> **WHAT YOU HAVE TO DO**: What is needed here is an exact transcription of all the entries.

[Source records]
====================
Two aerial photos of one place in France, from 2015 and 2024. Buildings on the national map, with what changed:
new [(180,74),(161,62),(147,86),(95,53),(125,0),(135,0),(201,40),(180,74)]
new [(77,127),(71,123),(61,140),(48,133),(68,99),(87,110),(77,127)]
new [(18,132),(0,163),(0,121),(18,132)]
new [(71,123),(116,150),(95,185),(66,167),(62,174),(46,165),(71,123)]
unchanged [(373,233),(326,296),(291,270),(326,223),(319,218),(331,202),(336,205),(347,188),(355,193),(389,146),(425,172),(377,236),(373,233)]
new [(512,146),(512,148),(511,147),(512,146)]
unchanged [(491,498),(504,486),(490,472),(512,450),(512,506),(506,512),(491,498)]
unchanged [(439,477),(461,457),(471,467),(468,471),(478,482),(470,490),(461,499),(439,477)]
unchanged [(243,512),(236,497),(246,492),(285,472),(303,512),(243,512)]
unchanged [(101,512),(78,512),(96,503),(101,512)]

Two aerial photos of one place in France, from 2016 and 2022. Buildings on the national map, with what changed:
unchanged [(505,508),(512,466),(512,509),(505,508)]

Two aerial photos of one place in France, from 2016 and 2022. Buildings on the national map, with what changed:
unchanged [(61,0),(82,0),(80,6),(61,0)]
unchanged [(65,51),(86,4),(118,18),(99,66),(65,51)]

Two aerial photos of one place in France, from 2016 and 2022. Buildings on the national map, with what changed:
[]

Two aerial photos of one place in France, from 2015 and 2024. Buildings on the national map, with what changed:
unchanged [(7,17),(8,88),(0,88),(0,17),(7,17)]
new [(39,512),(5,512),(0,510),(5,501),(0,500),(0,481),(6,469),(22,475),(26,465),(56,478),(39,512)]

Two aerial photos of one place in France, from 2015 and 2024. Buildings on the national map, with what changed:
====================
> **THE COMPLETED TASK**:
Two aerial photos of one place in France, from 2015 and 2024. Buildings on the national map, with what changed:
new [(180,74),(161,62),(147,86),(95,53),(125,0),(135,0),(201,40),(180,74)]
new [(77,127),(71,123),(61,140),(48,133),(68,99),(87,110),(77,127)]
new [(18,132),(0,163),(0,121),(18,132)]
new [(71,123),(116,150),(95,185),(66,167),(62,174),(46,165),(71,123)]
unchanged [(373,233),(326,296),(291,270),(326,223),(319,218),(331,202),(336,205),(347,188),(355,193),(389,146),(425,172),(377,236),(373,233)]
new [(512,146),(512,148),(511,147),(512,146)]
unchanged [(491,498),(504,486),(490,472),(512,450),(512,506),(506,512),(491,498)]
unchanged [(439,477),(461,457),(471,467),(468,471),(478,482),(470,490),(461,499),(439,477)]
unchanged [(243,512),(236,497),(246,492),(285,472),(303,512),(243,512)]
unchanged [(101,512),(78,512),(96,503),(101,512)]

Two aerial photos of one place in France, from 2016 and 2022. Buildings on the national map, with what changed:
unchanged [(505,508),(512,466),(512,509),(505,508)]

Two aerial photos of one place in France, from 2016 and 2022. Buildings on the national map, with what changed:
unchanged [(61,0),(82,0),(80,6),(61,0)]
unchanged [(65,51),(86,4),(118,18),(99,66),(65,51)]

Two aerial photos of one place in France, from 2016 and 2022. Buildings on the national map, with what changed:
[]

Two aerial photos of one place in France, from 2015 and 2024. Buildings on the national map, with what changed:
unchanged [(7,17),(8,88),(0,88),(0,17),(7,17)]
new [(39,512),(5,512),(0,510),(5,501),(0,500),(0,481),(6,469),(22,475),(26,465),(56,478),(39,512)]

Two aerial photos of one place in France, from 2015 and 2024. Buildings on the national map, with what changed:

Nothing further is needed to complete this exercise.